Data for this task:
=== Begin Enclosure ===
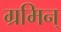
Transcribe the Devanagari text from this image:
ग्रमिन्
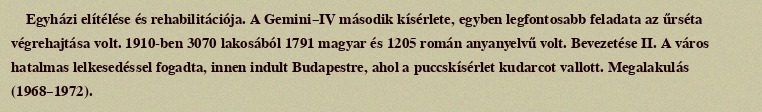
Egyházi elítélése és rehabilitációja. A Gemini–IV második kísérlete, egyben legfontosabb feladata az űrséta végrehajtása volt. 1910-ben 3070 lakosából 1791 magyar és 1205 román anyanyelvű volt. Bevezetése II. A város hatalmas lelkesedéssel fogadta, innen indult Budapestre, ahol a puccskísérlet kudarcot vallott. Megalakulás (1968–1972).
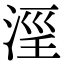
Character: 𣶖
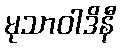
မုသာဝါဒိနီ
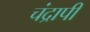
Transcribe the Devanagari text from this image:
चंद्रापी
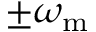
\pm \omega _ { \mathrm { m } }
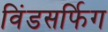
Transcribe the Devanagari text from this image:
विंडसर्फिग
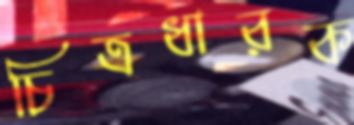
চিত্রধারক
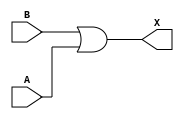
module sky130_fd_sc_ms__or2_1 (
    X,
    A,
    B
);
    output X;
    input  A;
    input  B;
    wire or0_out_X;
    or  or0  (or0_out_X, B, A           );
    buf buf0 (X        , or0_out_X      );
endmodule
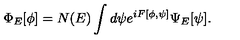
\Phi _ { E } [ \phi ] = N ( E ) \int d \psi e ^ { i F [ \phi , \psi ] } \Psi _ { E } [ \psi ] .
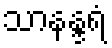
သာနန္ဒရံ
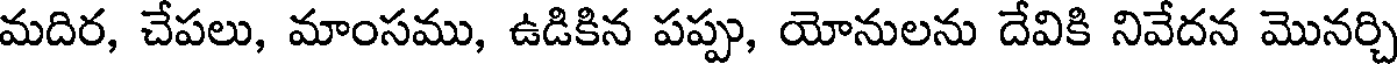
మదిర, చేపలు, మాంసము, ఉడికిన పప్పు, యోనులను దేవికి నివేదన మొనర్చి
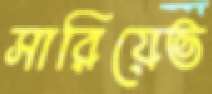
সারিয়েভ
=== End Enclosure ===
=== Begin Enclosure ===
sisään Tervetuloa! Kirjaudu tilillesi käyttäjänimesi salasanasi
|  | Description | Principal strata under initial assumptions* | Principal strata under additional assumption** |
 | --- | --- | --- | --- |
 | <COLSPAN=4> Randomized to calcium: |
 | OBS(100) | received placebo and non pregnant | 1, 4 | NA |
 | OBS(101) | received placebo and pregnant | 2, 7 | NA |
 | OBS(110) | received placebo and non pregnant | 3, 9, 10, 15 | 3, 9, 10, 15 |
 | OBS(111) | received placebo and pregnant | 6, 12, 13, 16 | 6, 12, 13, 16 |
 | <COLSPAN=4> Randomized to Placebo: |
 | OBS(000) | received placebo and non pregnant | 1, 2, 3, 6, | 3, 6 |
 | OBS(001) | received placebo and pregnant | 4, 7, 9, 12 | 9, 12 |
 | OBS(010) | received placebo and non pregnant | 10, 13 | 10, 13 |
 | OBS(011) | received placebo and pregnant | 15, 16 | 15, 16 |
=== End Enclosure ===
=== Begin Enclosure ===
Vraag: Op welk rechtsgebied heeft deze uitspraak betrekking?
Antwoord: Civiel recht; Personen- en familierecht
=== End Enclosure ===
What you are asked to do: Take the line above containing "Vraag: Op welk", the line containing "Antwoord: Civiel recht;", and all lines in between, and copy them exactly without anything else.

Answer to this problem:
Vraag: Op welk rechtsgebied heeft deze uitspraak betrekking?
Antwoord: Civiel recht; Personen- en familierecht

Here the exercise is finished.